Conduct a $\chi^2$ contingency table test to ask if HCV prevalence is associated with having many (>=10) or few (<10) partners. Take the following steps:

• Read in and examine the data
• Figure out how to create your contingency table from the dataframe (hint: you will need dplyr functions including filter() and tally(), and if you recall how to use ifelse() this may be of interest as well)
  • Variable 1: Has HCV (1) or not (0)
  • Variable 2: Has had < 10 partners or >=10 partners
• State the null, alternative hypotheses
• Create your contingency table in R
• Conduct the test
• Report results, conclusions

Ho: There is no association between HCV and have many (>=10) or few (<10) sexual partners.

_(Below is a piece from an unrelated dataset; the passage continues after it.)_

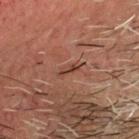Assessment: Recorded during total-body skin imaging; not selected for excision or biopsy. Clinical summary: The tile uses cross-polarized illumination. Approximately 3 mm at its widest. An algorithmic analysis of the crop reported an eccentricity of roughly 0.95. The software also gave a mean CIELAB color near L≈31 a*≈19 b*≈22, a lesion–skin lightness drop of about 7, and a normalized lesion–skin contrast near 7. And it measured a nevus-likeness score of about 0/100 and a detector confidence of about 60 out of 100 that the crop contains a lesion. On the head or neck. This image is a 15 mm lesion crop taken from a total-body photograph. The patient is a male about 65 years old.
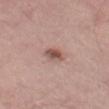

Ha: There is an association between HCV and have many (>=10) or few (<10) sexual partners.

library(tidyverse)
hcv.data <- read.csv("hcv_partners.csv")

### Create the table
topleft <- hcv.data %>% filter(HCV == 1, partners >=10) %>% tally()
topright <- hcv.data %>% filter(HCV == 0, partners >=10) %>% tally()
bottomleft <- hcv.data %>% filter(HCV == 1, partners <10) %>% tally()
bottomright <- hcv.data %>% filter(HCV == 0, partners <10) %>% tally()
hcv.table <- rbind(c(topleft$n, topright$n), c(bottomleft$n,  bottomright$n))
#hcv.table
#     [,1] [,2]
#[1,]  166 2587
#[2,]   75 8278

### Perform test
chisq.test(hcv.table)
#
#	Pearson's Chi-squared test with Yates' continuity correction
#
#data:  hcv.table
#X-squared = 254.46, df = 1, p-value < 2.2e-16

### Compute OR
OR <- (166*8278)/(75*2587) ## Evaluates to 7.082324

Results and conclusions: Our P<2.2e-16 (note: this is as low as R can go!) is less than $\alpha=0.05$. We reject the null hypothesis and we conclude that there is an association between having many partners and having HCV. Further, we can conclude that individuals with many sexual partners have 7.08 times the odds of having HCV compared to individuals with few partners.